Dr. King spoke of a dream that had to do with human equality. Certainly our society closer to realizing that dream than it was back on that August day in 1963 when Dr. King spoke of this dream. Yet full realization of the dream destination awaits. Ultimately redemption awaits the return of Jesus who will come and make everything new (cf. Rev 21:5). Yet we, who are the church and already share in this newness of life, are to live as a portrayal what this future hope is life among the present. But this requires more than just ministry to those who have less, little, or none, who don’t live in the nicest or the safest neighborhoods, who may exasperate their struggles with their own poor choices, who may for now only know how to depend on the government for welfare and other social-services… This is a call to walk among them!

Changing the Conversation

I’ll be the first to admit that I’m not sure what all of that should entail at the most concrete level, where the rubber meets the road. I also know that I talk a better game than I play. However, I also know that as Christians we believe God loved us by becoming one of us… becoming flesh in person of Jesus and dwelling among us. So for us to truly care about helping those living in various degrees of poverty, loving them as neighbors just like God has loves, then we must learn how to dwell among them.

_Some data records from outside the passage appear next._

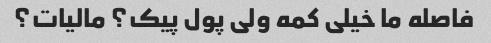
فاصله ما خیلی کمه ولی پول پیک؟ مالیات؟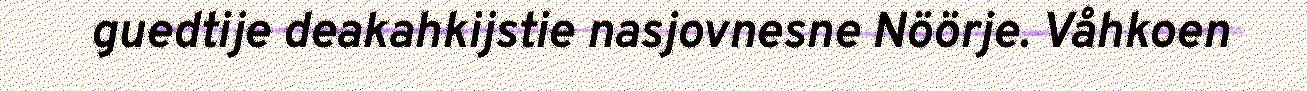
guedtije deakahkijstie nasjovnesne Nöörje. Våhkoen
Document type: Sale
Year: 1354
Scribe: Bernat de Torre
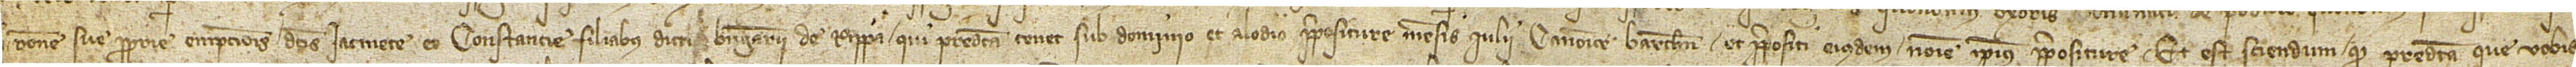
hiis ratione sue proprie empcionis dictis Iacmete et Constancie, filiabus dicti Berengarii de Rippa, qui predicta tenet sub dominio et alodio prepositure mensis iulii Canonice Barchinone et prepositi eiusdem nomine ipsius prepositure. Et est sciendum quod predicta que vobis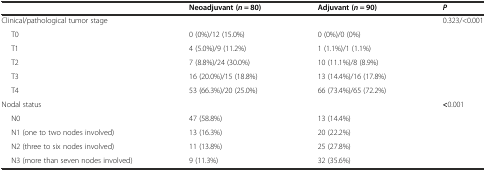
<table><thead><tr><td></td><td><b>Neoadjuvant (<i>n</i> = 80)</b></td><td><b>Adjuvant (<i>n</i> = 90)</b></td><td><b><i>P</i></b></td></tr></thead><tbody><tr><td colspan="3">Clinical/pathological tumor stage</td><td>0.323/&lt;0.001</td></tr><tr><td>T0</td><td>0 (0%)/12 (15.0%)</td><td>0 (0%)/0 (0%)</td><td></td></tr><tr><td>T1</td><td>4 (5.0%)/9 (11.2%)</td><td>1 (1.1%)/1 (1.1%)</td><td></td></tr><tr><td>T2</td><td>7 (8.8%)/24 (30.0%)</td><td>10 (11.1%)/8 (8.9%)</td><td></td></tr><tr><td>T3</td><td>16 (20.0%)/15 (18.8%)</td><td>13 (14.4%)/16 (17.8%)</td><td></td></tr><tr><td>T4</td><td>53 (66.3%)/20 (25.0%)</td><td>66 (73.4%)/65 (72.2%)</td><td></td></tr><tr><td colspan="3">Nodal status</td><td><b>&lt;</b>0.001</td></tr><tr><td>N0</td><td>47 (58.8%)</td><td>13 (14.4%)</td><td></td></tr><tr><td>N1 (one to two nodes involved)</td><td>13 (16.3%)</td><td>20 (22.2%)</td><td></td></tr><tr><td>N2 (three to six nodes involved)</td><td>11 (13.8%)</td><td>25 (27.8%)</td><td></td></tr><tr><td>N3 (more than seven nodes involved)</td><td>9 (11.3%)</td><td>32 (35.6%)</td><td></td></tr></tbody></table>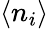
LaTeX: \left\langle n_{i}\right\rangle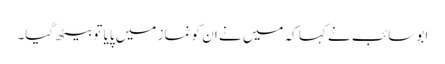
ابو سائب نے کہا کہ میں نے ان کو نماز میں پایا تو بیٹھ گیا۔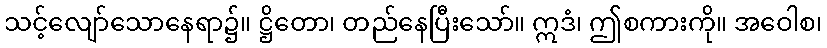
သင့်လျော်သောနေရာ၌။ ဋ္ဌိတော၊ တည်နေပြီးသော်။ ဣဒံ၊ ဤစကားကို။ အဝေါစ၊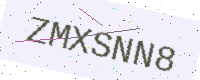
Text: ZMXSNN8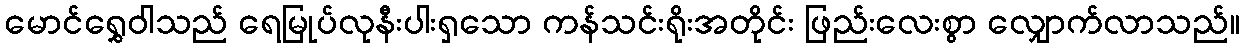
မောင်ရွှေဝါသည် ရေမြုပ်လုနီးပါးရှသော ကန်သင်းရိုးအတိုင်း ဖြည်းလေးစွာ လျှောက်လာသည်။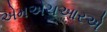
એમએચઆરએ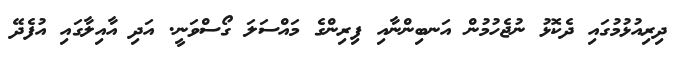
ދިރިއުޅުމުގައި ދެކޮޅު ނުޖެހުމުން އަނބިންނާއި ފިރިންގެ މައްސަލަ ގޯސްވަނީ. އަދި އާއިލާގައި އުފެދޭ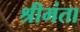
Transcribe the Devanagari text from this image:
श्रीमंता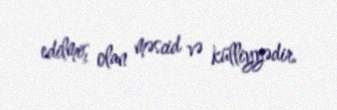
edilmiş olan məscid və külliyyədir.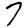
Digit: 7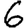
Digit: 6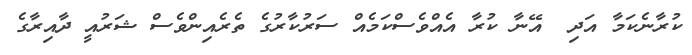
ކުރާނެކަމާ އަދި  އޭނާ ކުރާ އެއްވެސްކަމެއް ސަރުކާރުގެ ތެރެއިންވެސް ޝަރުއީ ދާއިރާގެ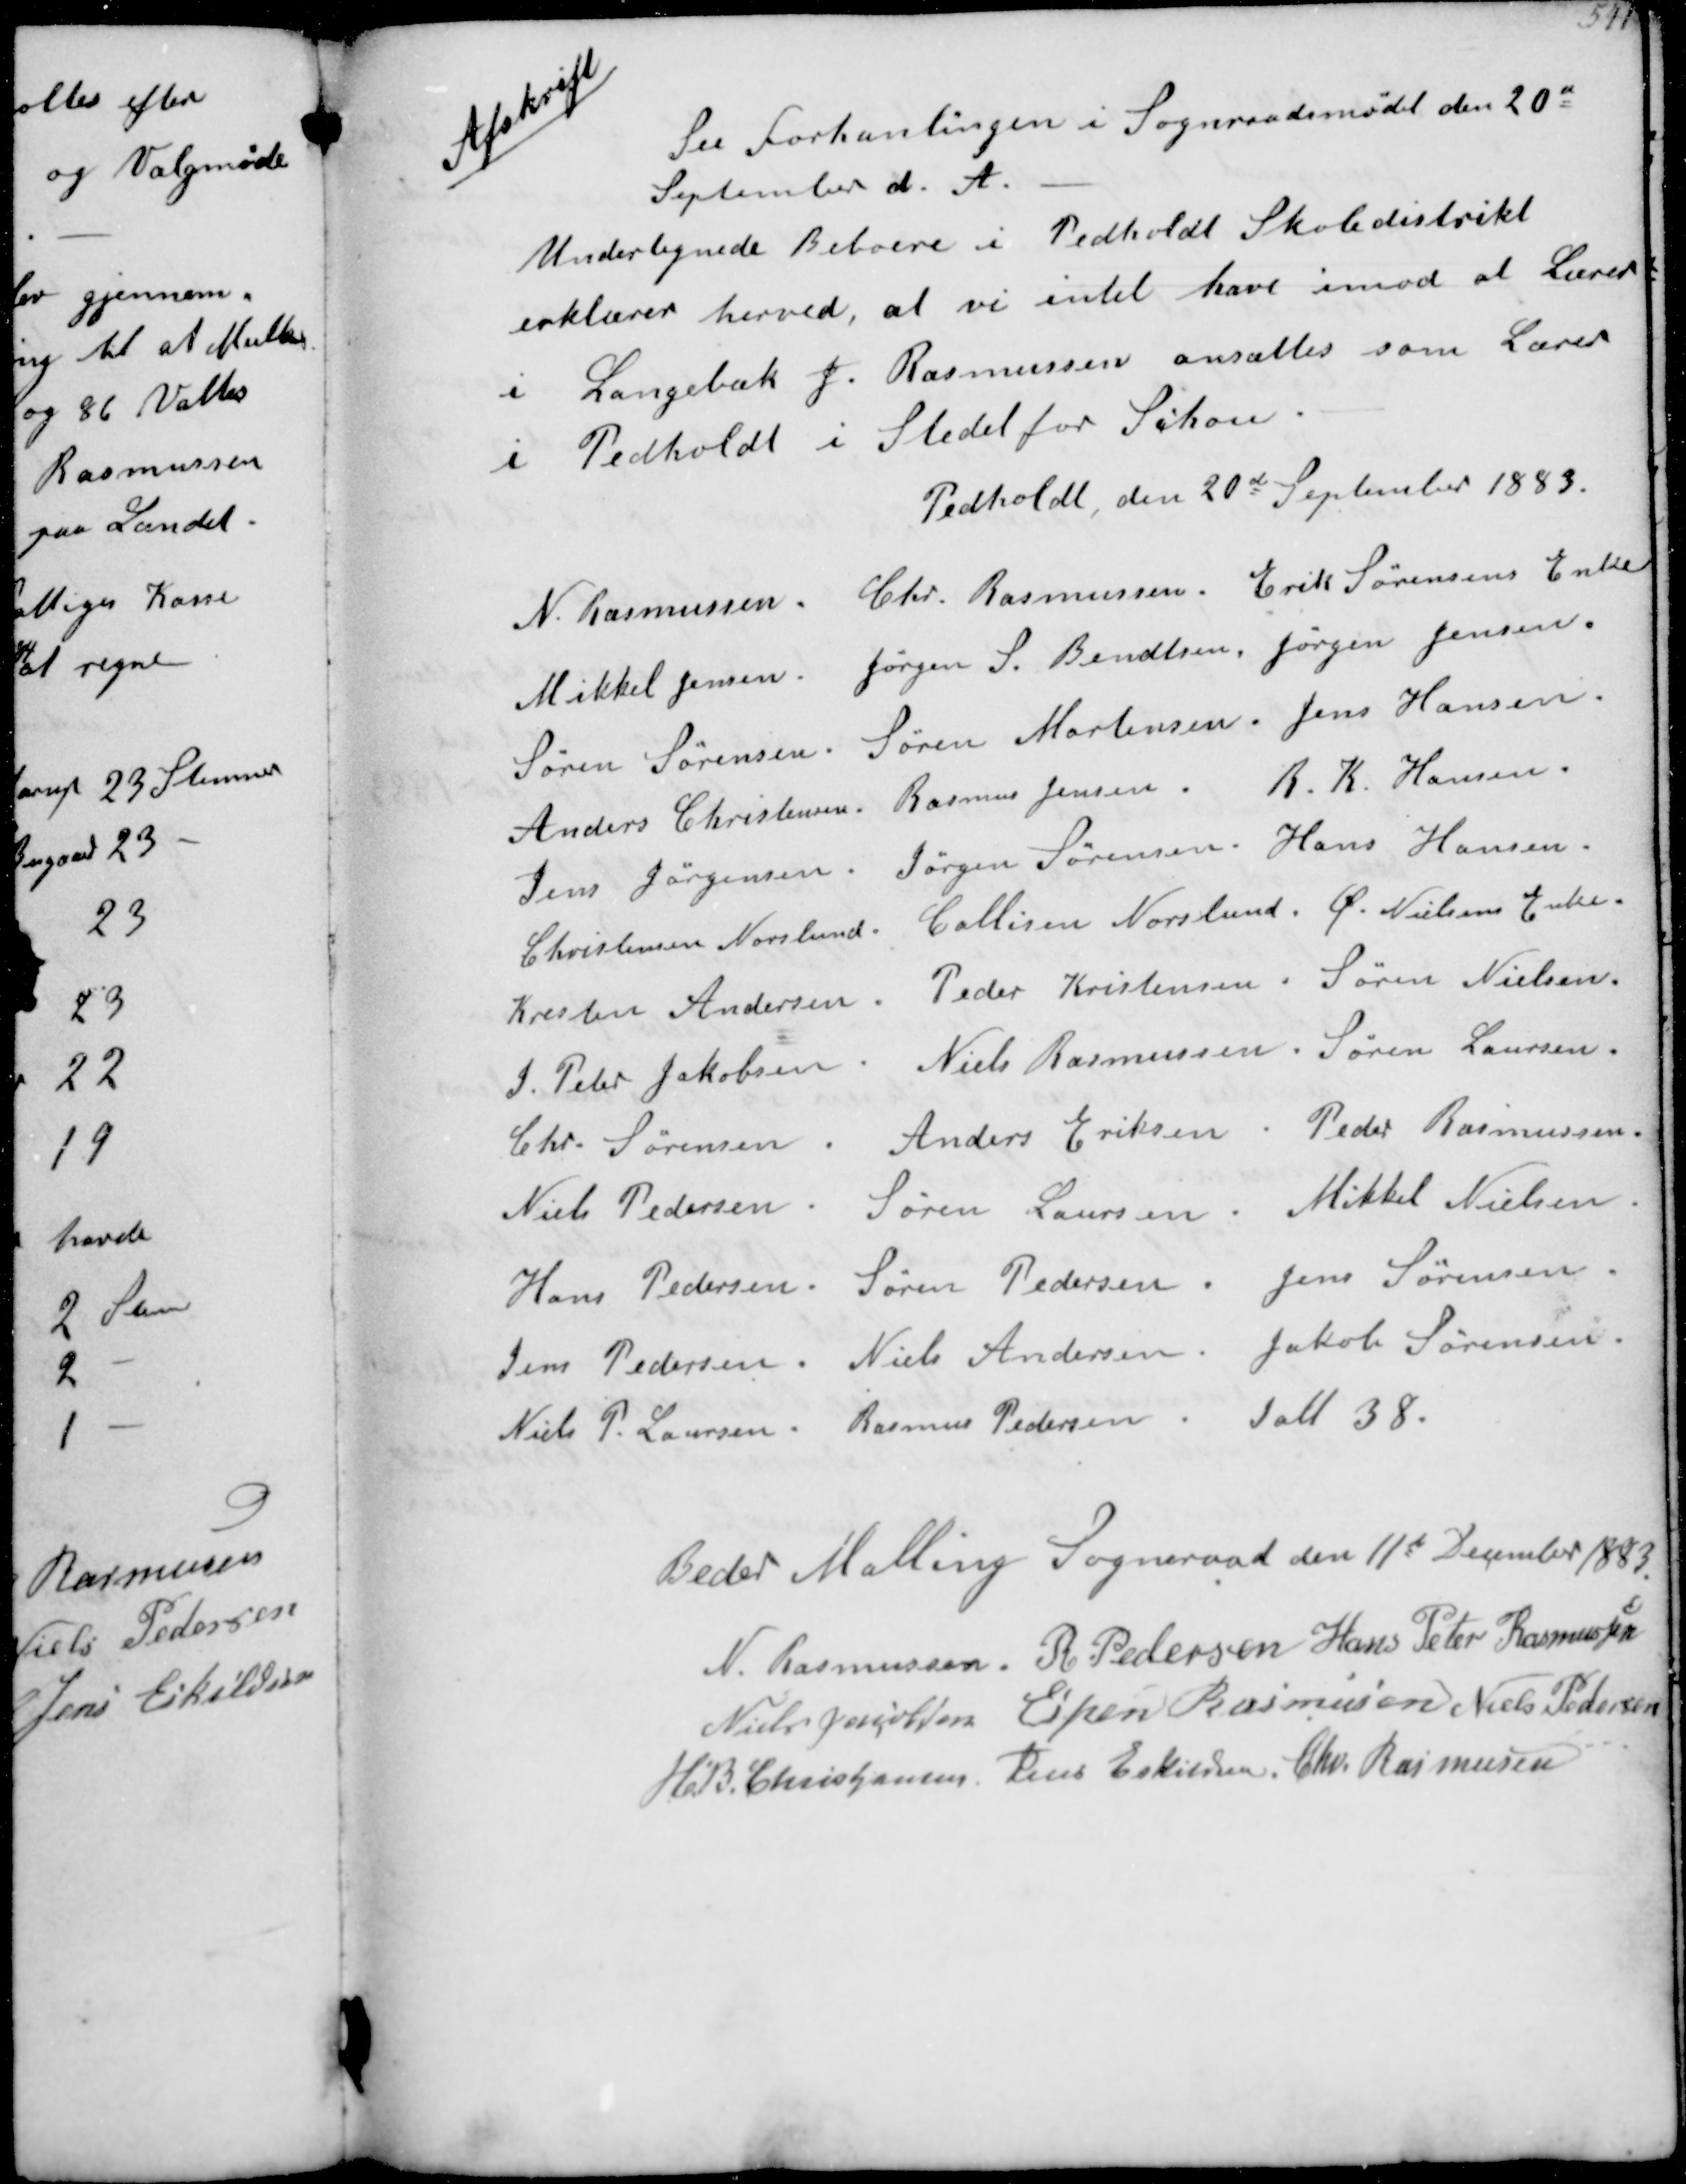
Transskription:
Afskrift
Se Forhandlingen i Sogneraadet den 20d
september d.A.
Undertegnede Beboere i Pedholt Skoledistrikt
erklærer herved, at vi intet have imod at Lærer
i Langebæk J. Rasmussen ansættes som Lærer
i Pedholt i Stedet for Schou
Pedholt den 20de September 1883
N Rasmussen
Chr Rasmussen
Erik Sørensens Enke
Mikkel Jensen
Jørgen S Bendtsen
Jørgen Jensen
Søren Sørensen
Søren Mortensen
Jens Hansen
Anders Christensen
Rasmus Jensen
R K Hansen
Jens Jørgensen
Jørgen Sørensen
Hans Hansen
Christensen Norslund
Callisen Norslund
Ø Nielsens Enke
Kresten Andersen
Peder Kristensen
Søren Nielsen
J P Jakobsen
Niels Rasmussen
Søren Laursen
Chr Sørensen
Anders Eriksen
Peder Rasmussen
Niels Pedersen
Søren Laursen
Mikkel Nielsen
Hans Pedersen
Søren Pedersen
Jens Sørensen
Jens Pedersen
Niels Andersen
Jakob Sørensen
Niels P Laursen
Rasmus Pedersen
Ialt 38

Beder Malling Sogneraad den 11te December 1883
N Rasmussen
R Pedersen
Hans Peder Rasmussen
Niels Jacobsen
Espen Rasmussen
Niels Pedersen
H B Christjansen
Jens Eskildsen
Chr Rasmussen

One way of dwelling among such people involves changing the way we go about deciding where we will live. Let’s have a different conversation about where we should live. Instead of prioritizing safety, quietness, and convenience when we buy or rent homes, we move where we can participate in the mission of God as dwellers among the people we are called to serve. That begins with prayer and discernment regarding how and where God is calling us to live on mission with him and then we trust God as we obey his leading. Instead of flinching at a neighborhood because it suffers socially, we ask God if this is where he is leading us and how he wants us to serve.

Martin Luther King Jr. had a dream. It’s a dream that I believe is anchored in the gospel of Jesus Christ. Let’s live the dream.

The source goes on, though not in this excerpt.